Donald Berman Piano

MINIMALISM: REPRISE AND REPETITION IN CONTEMPORARY MUSIC

Historical Traditions IV: Special Topics
MINIMALISM: REPRISE AND REPETITION IN CONTEMPORARY MUSIC
Lecturer: Donald Berman
Spring 2012: Tuesday and Fridays,  3:25-5:05pm
Ryder Hall rm 235

This course will look at 20th century and contemporary music through the lens of minimalism.  Topics will include the precursors to minimalism (20th century experimentalists through Schoenberg, Cage, and Morton Feldman) to the Minimalists (LaMonte Young, Terry Riley, Philip Glass, Steve Reich) to the post-minimalists (John Adams and the so-called New Tonalists.)  The intersection of minimalism with World Music, Popular Music, and Commercial music will be examined as will ramifications for broadly marketed music today. The class will closely consider musical matters such as trance, pulse, patterns, additive rhythm, perpetual motion, tape delay, and visualization.  Of further concern will be how we hear contemporary music – classical and popular – having experienced minimalism.  We will discuss the  commercial and cultural ramifications of repetition.

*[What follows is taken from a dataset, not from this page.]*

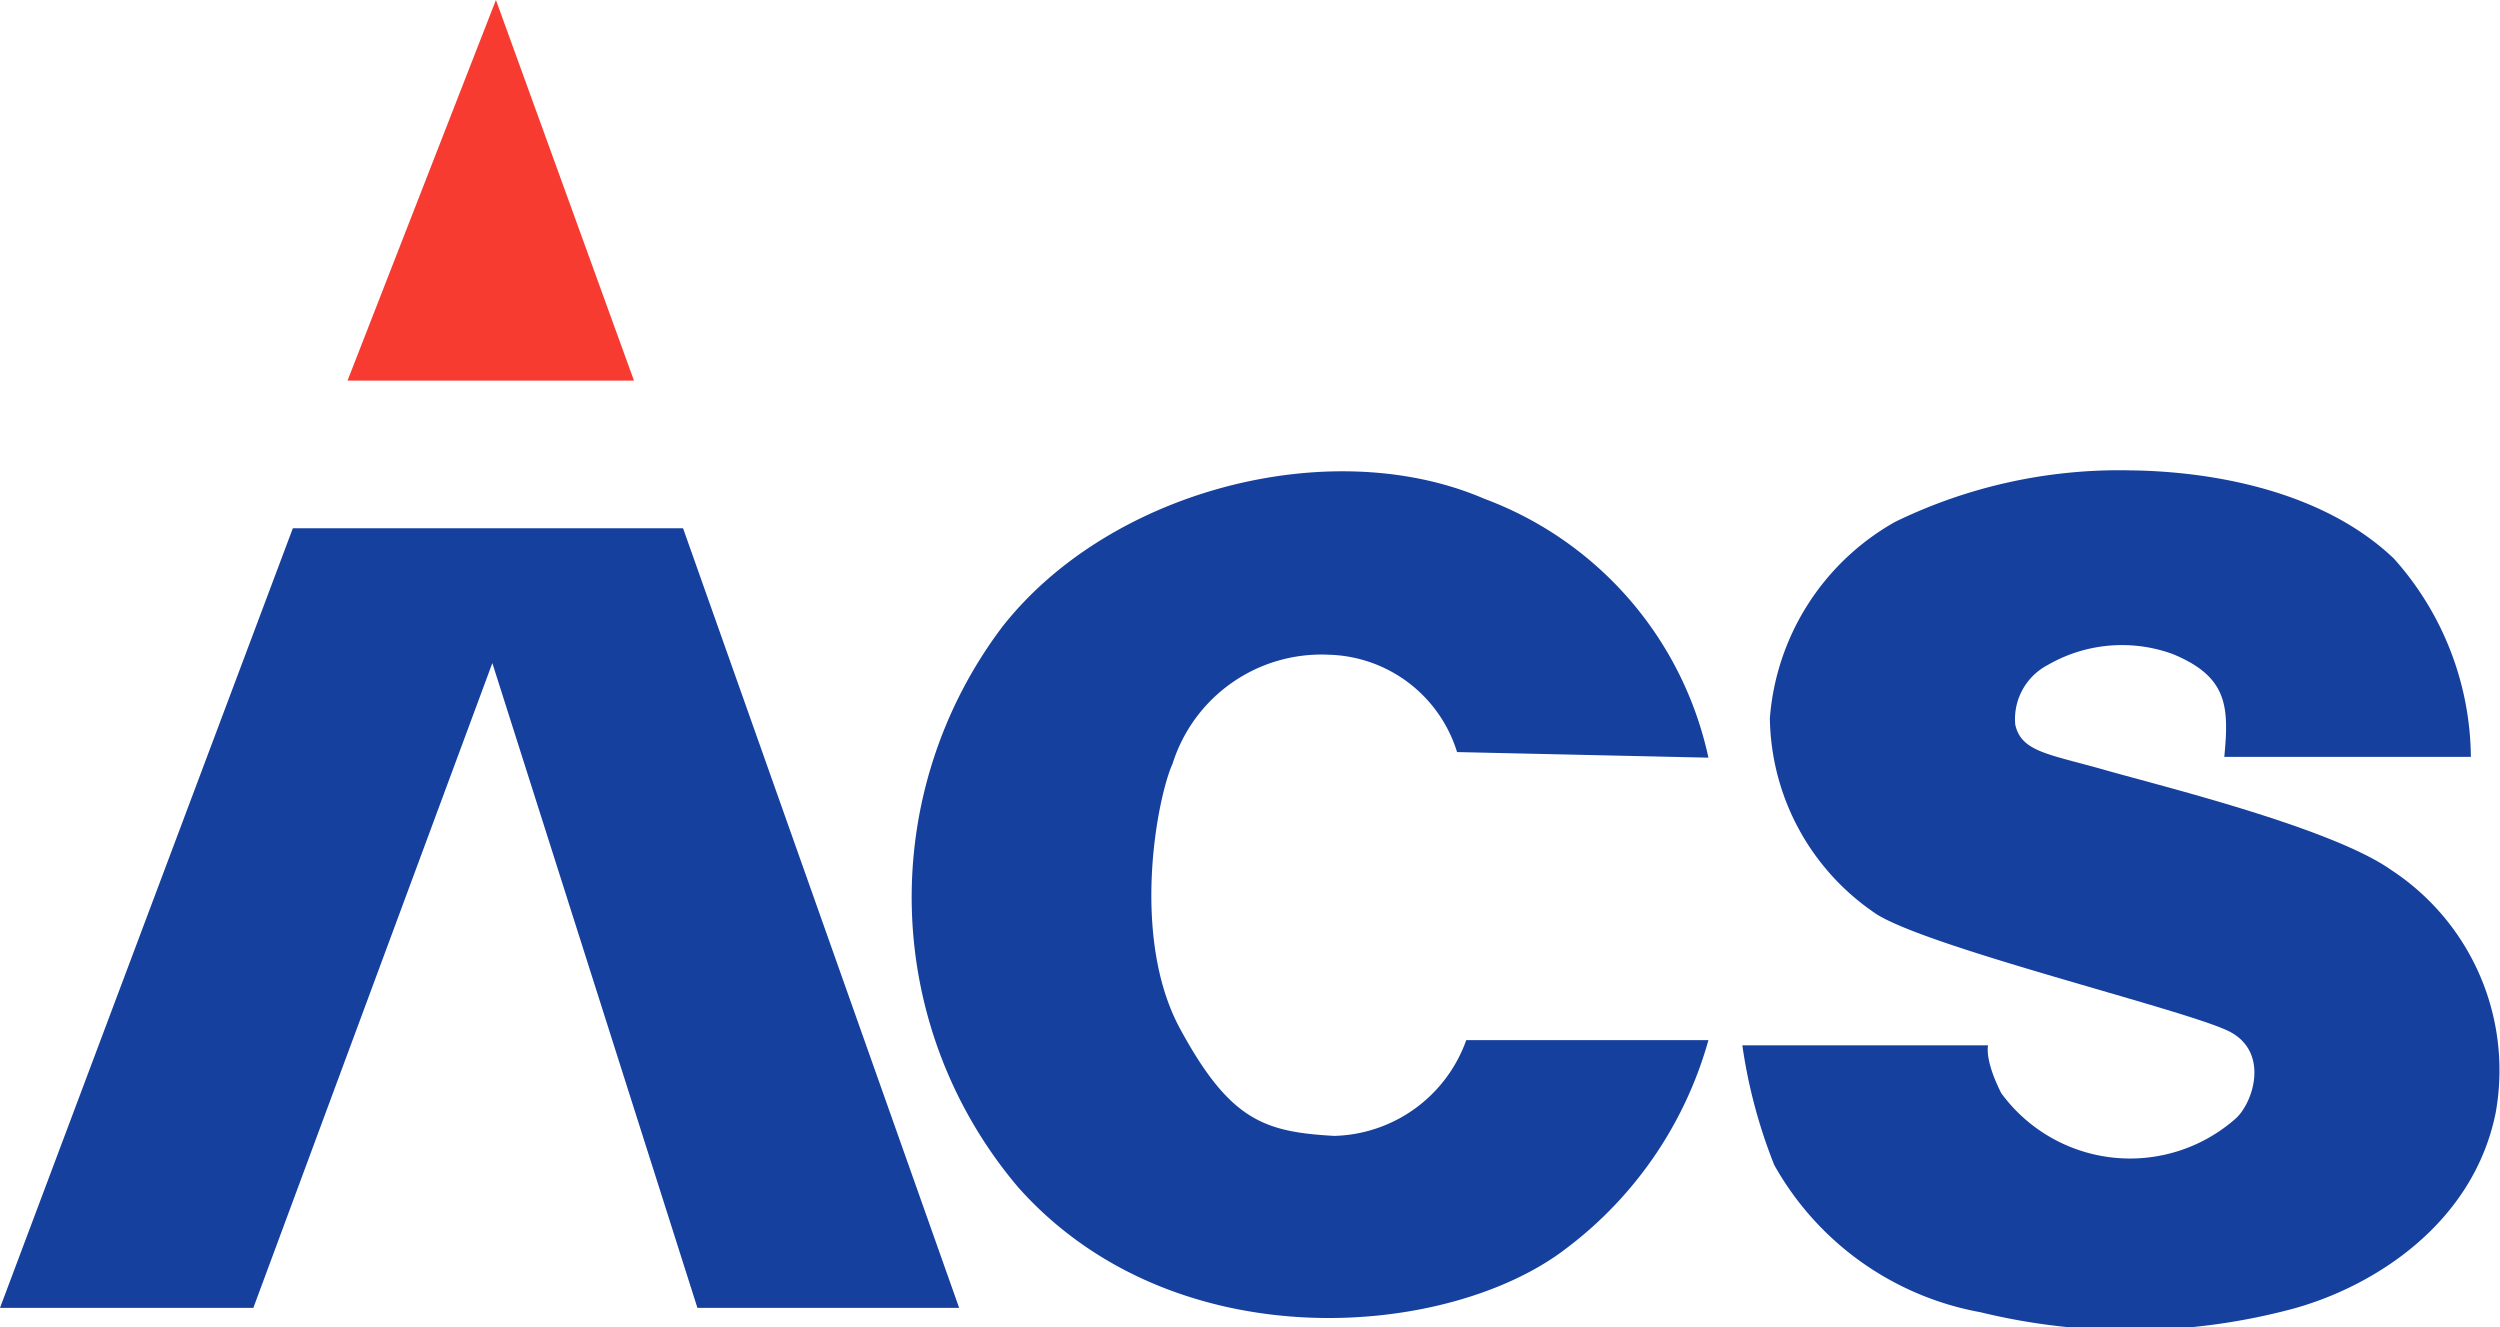 <svg xmlns="http://www.w3.org/2000/svg" viewBox="0 0 62.66 33.27"><defs><style>.cls-1{fill:#15409e;}.cls-2{fill:#f73b31;}</style></defs><g id="レイヤー_2" data-name="レイヤー 2"><g id="レイヤー_1-2" data-name="レイヤー 1"><polygon class="cls-1" points="17.12 13.24 7.34 13.24 0 32.78 6.35 32.78 12.34 16.62 17.48 32.78 24.04 32.78 17.12 13.24"/><polygon class="cls-2" points="12.43 0 8.71 9.54 15.89 9.54 12.43 0"/><path class="cls-1" d="M33.3,16.41a3.46,3.46,0,0,1,3.22,2.44l6.3.14A8.93,8.93,0,0,0,37.2,12.5c-3.83-1.65-9.37-.23-12.07,3.2a11.24,11.24,0,0,0,.4,14.07c3.91,4.38,10.8,3.79,13.74,1.51a9.85,9.85,0,0,0,3.55-5.21H36.75a3.61,3.61,0,0,1-3.31,2.4c-1.75-.1-2.61-.38-3.86-2.68S29,20,29.39,19.14A3.91,3.91,0,0,1,33.3,16.41Z"/><path class="cls-1" d="M59.94,21.81c-1.49-1.06-5.78-2.11-7.18-2.51s-2.1-.45-2.25-1.14a1.53,1.53,0,0,1,.81-1.49,3.72,3.72,0,0,1,3.13-.28c1.39.57,1.42,1.32,1.3,2.58h6.18A7.55,7.55,0,0,0,60,14c-1.91-1.82-4.87-2.19-6.58-2.21a12.83,12.83,0,0,0-5.92,1.29A6.19,6.19,0,0,0,44.36,18a6,6,0,0,0,2.7,4.93c1.44.87,7.84,2.41,8.83,2.93s.59,1.78.14,2.18a4,4,0,0,1-5.87-.64c-.43-.85-.33-1.2-.33-1.2H43.67a13.09,13.09,0,0,0,.8,3,7.45,7.45,0,0,0,5.17,3.69,15.79,15.79,0,0,0,7.84-.09c2-.55,4.5-2.11,5.07-4.9A6,6,0,0,0,59.94,21.81Z"/></g></g></svg>

Each class will focus on listenings, readings, and contextualizing the music. We will endeavor to embrace the zeitgeist of the the birth of minimalism and how that mindset has been developed by a variety of composers, described by writers, and filtered in modern culture.  We will learn to hone our listening, writing, and speaking skills, all toward the goal of accurately describing and contextualizing what we hear.  We will discuss what minimalism can offer us in our approach to performance practice and problem solving.

Discussing the works and learning how to talk about what we hear is the emphasis of the course. In addition to learning the core concepts, composers, and repertoire of the minimalist and post-minimalist eras, we hope to extrapolate what we learn and apply it to our current pursuits – whether purely artistic or creatively applied to cultural, administrative, or entrepreneurial presentation. Participation, including learning ourselves how to play some works we listen to (like Steve Reich’s Clapping Music), is highly valued and will be graded.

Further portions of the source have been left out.